**Given entries:**
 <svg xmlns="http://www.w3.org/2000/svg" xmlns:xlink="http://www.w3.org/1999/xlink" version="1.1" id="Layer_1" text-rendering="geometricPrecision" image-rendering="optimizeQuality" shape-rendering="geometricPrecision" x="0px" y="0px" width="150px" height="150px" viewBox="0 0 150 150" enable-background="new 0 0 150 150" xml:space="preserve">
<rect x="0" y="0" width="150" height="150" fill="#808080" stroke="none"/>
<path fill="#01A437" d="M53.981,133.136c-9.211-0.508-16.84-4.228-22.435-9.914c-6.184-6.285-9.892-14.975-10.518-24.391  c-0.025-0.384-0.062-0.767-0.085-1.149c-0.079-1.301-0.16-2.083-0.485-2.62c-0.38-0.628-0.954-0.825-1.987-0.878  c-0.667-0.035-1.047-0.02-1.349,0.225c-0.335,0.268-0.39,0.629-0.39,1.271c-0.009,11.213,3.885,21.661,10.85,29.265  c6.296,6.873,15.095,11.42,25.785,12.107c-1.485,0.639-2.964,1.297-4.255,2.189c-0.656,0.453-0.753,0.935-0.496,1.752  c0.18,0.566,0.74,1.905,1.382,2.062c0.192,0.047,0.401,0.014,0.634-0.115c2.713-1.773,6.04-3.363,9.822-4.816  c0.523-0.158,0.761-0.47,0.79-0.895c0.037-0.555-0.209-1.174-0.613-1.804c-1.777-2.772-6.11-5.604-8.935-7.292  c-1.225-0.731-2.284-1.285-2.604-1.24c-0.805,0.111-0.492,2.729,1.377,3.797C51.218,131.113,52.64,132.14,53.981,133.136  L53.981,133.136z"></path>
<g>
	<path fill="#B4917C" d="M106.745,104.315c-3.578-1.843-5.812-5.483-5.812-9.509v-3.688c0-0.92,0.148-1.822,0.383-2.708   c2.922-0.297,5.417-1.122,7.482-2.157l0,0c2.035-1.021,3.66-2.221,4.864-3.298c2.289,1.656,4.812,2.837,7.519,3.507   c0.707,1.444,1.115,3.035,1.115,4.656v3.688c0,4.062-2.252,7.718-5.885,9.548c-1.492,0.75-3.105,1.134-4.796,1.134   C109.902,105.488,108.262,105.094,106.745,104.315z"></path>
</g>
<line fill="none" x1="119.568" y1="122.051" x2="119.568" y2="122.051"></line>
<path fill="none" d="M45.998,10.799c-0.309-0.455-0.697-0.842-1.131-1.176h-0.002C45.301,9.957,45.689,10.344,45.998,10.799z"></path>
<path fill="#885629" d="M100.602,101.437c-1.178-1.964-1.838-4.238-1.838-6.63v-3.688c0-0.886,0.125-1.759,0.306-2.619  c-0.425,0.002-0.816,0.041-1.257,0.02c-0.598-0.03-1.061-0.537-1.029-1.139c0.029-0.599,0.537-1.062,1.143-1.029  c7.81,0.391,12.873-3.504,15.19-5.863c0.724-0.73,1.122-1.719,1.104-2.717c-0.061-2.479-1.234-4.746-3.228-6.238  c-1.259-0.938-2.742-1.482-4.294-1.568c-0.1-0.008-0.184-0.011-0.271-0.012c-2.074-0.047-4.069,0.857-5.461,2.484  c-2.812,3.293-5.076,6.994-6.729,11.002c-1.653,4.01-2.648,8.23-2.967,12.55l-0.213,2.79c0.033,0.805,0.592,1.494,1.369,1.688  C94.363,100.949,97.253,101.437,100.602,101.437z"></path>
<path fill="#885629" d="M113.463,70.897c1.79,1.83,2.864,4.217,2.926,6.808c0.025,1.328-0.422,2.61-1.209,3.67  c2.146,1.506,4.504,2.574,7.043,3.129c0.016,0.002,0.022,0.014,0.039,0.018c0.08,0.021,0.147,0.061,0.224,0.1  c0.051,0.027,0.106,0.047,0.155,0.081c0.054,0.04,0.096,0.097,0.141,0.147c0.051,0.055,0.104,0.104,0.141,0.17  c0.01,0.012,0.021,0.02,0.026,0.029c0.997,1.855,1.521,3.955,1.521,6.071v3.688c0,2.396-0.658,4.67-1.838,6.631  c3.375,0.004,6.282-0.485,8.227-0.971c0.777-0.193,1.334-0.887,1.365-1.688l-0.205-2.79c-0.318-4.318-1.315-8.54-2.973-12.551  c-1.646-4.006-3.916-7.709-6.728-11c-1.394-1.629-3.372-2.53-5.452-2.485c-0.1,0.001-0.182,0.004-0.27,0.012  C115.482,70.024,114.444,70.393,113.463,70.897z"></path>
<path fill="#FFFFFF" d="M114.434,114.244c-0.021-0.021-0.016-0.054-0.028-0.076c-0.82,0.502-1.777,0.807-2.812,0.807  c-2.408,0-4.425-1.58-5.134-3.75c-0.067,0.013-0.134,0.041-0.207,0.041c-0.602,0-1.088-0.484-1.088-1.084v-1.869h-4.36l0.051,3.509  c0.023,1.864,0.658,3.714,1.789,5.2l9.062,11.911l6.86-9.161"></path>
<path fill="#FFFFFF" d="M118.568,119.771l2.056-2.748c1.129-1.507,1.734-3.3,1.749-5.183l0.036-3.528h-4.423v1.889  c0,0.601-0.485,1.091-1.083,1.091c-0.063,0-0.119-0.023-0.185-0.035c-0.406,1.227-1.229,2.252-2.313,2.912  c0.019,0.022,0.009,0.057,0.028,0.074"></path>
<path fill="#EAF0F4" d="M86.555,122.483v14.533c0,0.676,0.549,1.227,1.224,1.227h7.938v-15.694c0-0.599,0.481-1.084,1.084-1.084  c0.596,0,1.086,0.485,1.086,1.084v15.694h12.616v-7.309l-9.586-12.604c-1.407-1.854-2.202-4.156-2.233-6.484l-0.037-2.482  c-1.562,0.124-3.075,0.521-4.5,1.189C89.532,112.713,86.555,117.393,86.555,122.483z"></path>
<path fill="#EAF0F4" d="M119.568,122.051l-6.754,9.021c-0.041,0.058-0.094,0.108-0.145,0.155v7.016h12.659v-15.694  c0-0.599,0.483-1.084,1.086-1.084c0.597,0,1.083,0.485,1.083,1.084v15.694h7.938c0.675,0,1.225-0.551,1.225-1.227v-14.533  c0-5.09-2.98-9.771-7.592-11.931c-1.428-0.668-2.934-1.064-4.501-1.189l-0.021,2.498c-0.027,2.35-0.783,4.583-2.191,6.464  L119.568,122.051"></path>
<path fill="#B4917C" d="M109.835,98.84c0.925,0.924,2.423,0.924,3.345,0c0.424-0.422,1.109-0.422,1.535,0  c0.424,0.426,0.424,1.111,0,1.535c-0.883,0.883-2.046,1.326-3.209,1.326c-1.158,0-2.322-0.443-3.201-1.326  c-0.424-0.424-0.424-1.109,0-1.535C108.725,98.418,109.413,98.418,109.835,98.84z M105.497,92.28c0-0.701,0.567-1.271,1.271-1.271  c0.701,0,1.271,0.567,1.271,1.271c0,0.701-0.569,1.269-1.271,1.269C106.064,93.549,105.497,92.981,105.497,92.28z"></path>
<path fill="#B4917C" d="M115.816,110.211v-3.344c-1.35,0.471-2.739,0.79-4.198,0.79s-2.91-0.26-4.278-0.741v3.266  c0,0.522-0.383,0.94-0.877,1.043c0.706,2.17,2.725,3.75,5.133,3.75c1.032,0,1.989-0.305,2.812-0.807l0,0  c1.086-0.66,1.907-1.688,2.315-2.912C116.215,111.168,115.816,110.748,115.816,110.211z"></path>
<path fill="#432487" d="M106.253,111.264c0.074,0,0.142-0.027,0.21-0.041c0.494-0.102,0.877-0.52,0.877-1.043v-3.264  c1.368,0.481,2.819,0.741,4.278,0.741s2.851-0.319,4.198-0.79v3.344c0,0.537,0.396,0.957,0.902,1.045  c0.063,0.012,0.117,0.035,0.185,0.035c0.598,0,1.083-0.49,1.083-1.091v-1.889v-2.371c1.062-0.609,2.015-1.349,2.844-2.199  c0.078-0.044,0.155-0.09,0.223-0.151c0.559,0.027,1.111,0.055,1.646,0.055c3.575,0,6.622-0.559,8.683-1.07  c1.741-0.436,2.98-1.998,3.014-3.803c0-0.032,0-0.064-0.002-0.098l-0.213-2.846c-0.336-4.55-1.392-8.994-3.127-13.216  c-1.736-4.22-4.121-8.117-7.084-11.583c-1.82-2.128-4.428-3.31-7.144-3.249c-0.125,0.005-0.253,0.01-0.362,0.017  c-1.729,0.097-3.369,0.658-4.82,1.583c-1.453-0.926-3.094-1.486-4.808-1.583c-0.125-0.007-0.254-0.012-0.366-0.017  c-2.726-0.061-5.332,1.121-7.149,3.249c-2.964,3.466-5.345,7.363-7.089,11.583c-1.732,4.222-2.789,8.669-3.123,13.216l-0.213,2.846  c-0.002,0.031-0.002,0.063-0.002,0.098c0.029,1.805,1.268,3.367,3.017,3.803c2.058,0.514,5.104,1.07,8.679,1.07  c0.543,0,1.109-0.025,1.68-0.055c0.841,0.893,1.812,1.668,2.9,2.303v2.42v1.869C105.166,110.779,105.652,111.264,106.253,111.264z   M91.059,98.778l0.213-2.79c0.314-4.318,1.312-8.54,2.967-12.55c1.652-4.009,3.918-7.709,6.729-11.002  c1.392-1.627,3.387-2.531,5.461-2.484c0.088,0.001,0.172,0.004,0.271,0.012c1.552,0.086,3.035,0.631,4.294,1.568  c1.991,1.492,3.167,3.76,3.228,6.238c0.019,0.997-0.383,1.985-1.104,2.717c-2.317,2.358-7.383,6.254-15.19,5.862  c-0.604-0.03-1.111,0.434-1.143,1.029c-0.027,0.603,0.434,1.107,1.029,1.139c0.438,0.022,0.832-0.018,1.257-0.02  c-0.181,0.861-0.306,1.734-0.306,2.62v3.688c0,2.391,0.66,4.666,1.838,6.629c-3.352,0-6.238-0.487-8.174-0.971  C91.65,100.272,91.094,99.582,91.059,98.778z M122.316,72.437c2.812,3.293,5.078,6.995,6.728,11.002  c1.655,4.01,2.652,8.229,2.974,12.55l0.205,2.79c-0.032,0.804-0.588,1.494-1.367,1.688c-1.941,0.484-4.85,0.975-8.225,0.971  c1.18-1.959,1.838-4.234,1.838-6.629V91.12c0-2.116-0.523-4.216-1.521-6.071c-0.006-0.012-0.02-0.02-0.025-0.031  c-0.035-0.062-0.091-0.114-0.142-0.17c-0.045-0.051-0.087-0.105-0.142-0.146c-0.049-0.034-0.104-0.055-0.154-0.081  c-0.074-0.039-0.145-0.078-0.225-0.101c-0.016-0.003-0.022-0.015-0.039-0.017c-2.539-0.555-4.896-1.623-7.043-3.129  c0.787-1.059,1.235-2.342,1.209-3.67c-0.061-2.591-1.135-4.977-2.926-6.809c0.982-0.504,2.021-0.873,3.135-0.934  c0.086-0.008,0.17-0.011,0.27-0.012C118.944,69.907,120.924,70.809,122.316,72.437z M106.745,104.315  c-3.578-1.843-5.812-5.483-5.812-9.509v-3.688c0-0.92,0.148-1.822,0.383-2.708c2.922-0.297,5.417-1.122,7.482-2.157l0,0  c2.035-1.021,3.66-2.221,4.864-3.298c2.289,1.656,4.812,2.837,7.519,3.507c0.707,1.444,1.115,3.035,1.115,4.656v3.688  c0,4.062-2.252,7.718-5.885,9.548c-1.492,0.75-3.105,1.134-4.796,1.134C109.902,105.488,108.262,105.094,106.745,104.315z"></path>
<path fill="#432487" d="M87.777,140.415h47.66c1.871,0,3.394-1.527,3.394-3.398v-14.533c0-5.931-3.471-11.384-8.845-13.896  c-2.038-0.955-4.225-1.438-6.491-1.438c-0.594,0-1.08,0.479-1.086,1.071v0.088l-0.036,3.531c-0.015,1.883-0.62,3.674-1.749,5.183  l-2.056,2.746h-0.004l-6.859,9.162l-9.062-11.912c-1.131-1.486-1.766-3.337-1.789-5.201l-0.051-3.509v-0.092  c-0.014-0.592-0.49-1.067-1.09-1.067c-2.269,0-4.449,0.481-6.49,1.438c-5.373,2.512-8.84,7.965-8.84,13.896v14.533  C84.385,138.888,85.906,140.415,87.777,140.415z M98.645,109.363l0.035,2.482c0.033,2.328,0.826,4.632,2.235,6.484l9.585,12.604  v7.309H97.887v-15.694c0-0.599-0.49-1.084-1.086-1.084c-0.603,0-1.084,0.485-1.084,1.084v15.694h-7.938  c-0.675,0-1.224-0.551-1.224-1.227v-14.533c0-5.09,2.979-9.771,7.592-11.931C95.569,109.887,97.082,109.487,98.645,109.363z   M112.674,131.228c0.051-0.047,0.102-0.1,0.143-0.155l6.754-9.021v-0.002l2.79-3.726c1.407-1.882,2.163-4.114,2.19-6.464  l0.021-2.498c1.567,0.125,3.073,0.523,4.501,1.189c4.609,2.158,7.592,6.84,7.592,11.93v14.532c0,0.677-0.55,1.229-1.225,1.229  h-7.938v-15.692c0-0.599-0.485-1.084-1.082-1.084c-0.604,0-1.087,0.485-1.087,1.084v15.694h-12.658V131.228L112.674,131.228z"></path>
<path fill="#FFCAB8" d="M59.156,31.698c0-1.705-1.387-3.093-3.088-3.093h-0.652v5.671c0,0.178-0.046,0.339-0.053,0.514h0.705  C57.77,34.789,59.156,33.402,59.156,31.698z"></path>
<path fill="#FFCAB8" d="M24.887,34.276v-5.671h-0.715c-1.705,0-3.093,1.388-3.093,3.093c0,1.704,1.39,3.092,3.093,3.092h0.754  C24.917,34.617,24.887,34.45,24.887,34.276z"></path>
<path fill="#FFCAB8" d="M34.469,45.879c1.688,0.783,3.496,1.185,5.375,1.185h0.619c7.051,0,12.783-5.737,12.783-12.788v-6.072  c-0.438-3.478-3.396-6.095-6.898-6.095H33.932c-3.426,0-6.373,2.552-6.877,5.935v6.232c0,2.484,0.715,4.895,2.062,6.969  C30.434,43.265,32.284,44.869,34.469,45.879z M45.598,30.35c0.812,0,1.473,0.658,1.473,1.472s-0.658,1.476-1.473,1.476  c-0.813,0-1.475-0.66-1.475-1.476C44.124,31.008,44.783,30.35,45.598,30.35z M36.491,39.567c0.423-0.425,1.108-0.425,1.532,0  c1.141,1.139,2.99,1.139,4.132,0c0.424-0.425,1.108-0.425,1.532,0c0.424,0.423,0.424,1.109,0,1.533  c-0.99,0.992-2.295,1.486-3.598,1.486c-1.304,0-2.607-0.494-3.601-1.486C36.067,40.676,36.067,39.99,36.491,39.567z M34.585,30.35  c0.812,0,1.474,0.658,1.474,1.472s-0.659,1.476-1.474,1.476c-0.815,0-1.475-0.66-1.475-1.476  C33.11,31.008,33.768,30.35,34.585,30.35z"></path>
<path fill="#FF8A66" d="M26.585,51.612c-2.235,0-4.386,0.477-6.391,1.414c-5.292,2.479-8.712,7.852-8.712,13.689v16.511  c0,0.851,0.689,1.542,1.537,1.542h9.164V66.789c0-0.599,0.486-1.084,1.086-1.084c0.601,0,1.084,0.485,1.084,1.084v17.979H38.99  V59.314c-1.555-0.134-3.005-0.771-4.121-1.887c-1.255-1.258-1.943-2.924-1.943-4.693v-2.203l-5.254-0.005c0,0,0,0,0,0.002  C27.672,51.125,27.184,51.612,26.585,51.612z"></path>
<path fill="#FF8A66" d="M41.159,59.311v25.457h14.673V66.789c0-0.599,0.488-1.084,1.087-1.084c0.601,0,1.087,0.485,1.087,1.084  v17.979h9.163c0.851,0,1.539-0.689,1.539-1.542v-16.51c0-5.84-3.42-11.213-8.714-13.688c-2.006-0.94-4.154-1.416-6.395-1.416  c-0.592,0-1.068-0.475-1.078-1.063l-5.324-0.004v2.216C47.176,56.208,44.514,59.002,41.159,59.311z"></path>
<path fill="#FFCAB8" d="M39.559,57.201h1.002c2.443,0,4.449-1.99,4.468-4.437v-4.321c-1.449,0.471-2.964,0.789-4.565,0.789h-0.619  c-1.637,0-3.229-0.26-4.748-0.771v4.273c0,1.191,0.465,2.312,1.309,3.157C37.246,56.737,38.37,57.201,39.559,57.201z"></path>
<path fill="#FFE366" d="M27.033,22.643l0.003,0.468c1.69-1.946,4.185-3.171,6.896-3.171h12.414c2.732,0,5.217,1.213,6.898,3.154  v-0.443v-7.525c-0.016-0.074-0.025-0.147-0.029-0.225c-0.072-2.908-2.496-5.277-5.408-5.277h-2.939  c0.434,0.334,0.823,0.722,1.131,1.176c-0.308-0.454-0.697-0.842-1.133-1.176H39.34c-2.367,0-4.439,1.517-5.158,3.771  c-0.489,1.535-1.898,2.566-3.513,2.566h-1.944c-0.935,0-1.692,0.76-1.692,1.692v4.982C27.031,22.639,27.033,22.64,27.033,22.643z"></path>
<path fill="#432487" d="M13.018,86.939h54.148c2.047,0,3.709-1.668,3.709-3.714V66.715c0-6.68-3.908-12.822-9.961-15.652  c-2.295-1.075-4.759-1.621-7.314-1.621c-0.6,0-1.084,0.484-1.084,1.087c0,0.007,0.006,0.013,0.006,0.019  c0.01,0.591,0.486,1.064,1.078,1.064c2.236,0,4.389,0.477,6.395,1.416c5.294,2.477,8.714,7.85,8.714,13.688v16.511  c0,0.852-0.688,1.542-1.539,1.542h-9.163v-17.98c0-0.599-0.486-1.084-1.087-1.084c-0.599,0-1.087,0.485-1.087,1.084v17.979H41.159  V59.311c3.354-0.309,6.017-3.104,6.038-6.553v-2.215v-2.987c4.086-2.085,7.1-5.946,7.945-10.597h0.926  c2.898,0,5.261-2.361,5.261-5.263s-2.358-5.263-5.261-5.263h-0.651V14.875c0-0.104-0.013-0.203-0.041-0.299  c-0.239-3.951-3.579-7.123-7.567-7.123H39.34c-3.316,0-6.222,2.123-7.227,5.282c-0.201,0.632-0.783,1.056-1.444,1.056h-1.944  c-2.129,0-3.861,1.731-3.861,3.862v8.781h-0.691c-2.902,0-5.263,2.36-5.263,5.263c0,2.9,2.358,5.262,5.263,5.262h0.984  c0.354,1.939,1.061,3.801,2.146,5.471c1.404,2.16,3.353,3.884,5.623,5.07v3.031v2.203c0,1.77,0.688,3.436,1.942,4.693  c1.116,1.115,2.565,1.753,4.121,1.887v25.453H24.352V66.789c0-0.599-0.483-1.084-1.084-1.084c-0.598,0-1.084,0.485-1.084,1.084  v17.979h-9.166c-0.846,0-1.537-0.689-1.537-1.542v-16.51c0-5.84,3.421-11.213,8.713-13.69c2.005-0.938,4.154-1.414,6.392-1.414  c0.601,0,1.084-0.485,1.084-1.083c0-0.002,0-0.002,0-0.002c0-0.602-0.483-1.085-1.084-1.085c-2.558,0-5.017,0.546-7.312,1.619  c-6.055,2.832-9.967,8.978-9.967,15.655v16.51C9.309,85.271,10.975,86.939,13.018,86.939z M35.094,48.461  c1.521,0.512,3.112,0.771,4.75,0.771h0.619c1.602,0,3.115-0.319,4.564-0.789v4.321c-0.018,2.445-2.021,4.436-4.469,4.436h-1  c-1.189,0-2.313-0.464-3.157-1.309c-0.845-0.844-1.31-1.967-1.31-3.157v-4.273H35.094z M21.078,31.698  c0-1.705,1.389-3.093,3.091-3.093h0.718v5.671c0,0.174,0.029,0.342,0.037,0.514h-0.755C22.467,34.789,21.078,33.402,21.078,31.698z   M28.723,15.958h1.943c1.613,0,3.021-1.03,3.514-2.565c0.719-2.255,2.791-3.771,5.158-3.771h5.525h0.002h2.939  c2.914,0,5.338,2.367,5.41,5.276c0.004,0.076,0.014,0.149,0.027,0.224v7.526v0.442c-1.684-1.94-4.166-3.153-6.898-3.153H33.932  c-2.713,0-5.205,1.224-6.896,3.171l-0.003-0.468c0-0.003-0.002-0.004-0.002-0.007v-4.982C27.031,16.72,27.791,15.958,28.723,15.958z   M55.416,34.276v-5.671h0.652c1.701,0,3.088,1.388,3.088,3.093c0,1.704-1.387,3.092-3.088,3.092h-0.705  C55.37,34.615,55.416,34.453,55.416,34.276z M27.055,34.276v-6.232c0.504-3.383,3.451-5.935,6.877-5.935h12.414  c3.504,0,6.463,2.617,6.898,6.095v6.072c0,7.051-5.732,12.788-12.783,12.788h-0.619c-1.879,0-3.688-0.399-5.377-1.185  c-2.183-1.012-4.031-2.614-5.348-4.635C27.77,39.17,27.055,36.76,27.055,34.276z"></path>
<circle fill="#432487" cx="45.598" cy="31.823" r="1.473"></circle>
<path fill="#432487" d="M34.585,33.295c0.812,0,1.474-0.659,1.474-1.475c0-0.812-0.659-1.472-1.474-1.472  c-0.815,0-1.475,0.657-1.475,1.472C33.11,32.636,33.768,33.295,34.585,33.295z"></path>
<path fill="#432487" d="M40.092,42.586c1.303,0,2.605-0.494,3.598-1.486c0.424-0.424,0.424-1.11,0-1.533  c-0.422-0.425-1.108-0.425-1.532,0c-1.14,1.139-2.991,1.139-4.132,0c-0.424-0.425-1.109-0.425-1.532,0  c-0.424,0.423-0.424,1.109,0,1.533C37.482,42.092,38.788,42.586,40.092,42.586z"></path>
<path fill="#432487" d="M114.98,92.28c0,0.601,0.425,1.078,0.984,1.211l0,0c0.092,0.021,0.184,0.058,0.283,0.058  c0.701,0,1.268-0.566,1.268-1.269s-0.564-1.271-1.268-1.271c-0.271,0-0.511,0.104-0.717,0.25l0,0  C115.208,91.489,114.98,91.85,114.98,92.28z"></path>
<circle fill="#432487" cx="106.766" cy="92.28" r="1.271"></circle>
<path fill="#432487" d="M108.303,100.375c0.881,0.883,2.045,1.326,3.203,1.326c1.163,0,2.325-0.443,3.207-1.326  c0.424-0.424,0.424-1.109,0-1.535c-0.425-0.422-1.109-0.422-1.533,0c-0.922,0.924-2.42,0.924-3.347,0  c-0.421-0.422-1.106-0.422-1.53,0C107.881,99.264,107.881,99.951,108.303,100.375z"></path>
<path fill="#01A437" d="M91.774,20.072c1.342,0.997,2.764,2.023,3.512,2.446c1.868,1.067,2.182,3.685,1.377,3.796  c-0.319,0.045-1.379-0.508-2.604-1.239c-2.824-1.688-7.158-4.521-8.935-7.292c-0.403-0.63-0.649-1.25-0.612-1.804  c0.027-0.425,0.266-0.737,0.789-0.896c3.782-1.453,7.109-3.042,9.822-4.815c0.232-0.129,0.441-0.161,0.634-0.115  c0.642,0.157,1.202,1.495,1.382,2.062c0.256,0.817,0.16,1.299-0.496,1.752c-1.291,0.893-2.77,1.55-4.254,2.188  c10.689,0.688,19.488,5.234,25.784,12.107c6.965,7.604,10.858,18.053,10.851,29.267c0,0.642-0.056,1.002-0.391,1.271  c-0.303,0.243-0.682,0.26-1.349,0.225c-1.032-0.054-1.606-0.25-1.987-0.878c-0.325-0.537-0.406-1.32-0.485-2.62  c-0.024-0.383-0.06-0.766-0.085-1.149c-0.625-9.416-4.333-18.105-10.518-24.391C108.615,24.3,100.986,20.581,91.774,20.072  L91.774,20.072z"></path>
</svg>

**Problem to work on:** Check every line above for the word "width" and copy those that have it.

**Response below:**
 <svg xmlns="http://www.w3.org/2000/svg" xmlns:xlink="http://www.w3.org/1999/xlink" version="1.1" id="Layer_1" text-rendering="geometricPrecision" image-rendering="optimizeQuality" shape-rendering="geometricPrecision" x="0px" y="0px" width="150px" height="150px" viewBox="0 0 150 150" enable-background="new 0 0 150 150" xml:space="preserve">
<rect x="0" y="0" width="150" height="150" fill="#808080" stroke="none"/>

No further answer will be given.